Provided data:

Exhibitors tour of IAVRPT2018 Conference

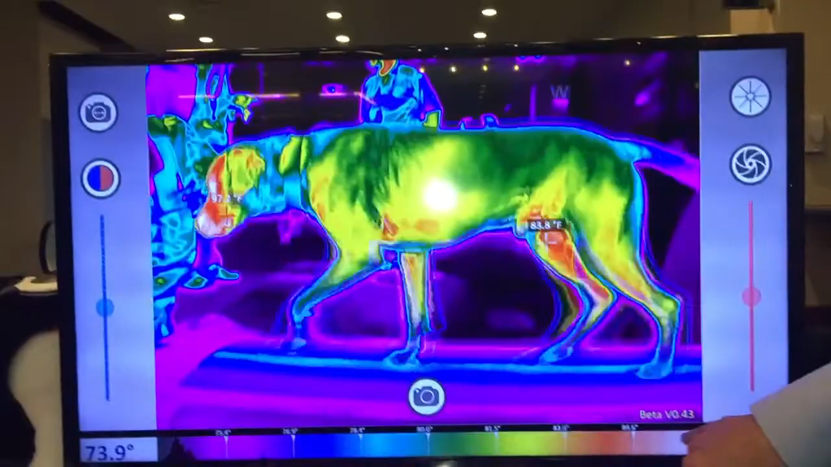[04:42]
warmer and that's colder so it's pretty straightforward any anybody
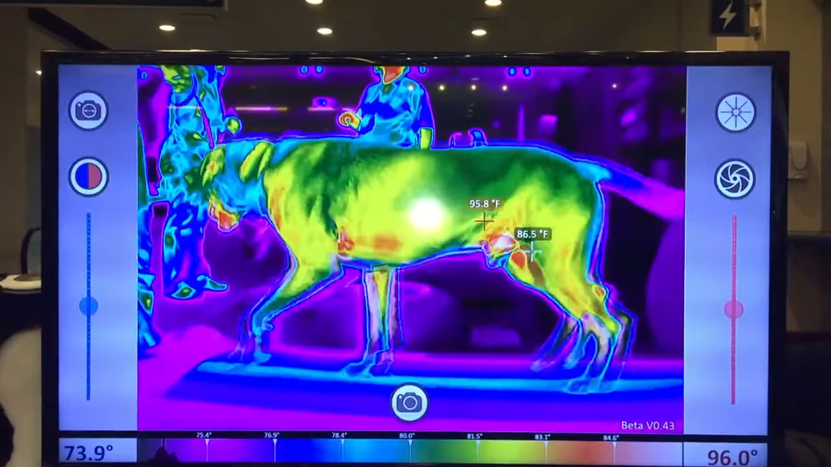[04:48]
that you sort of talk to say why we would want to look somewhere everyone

Task instructions: Every line of the data above should be quoted exactly. Omit the pictures.

Answer box:
Exhibitors tour of IAVRPT2018 Conference

[04:42]
warmer and that's colder so it's pretty straightforward any anybody
[04:48]
that you sort of talk to say why we would want to look somewhere everyone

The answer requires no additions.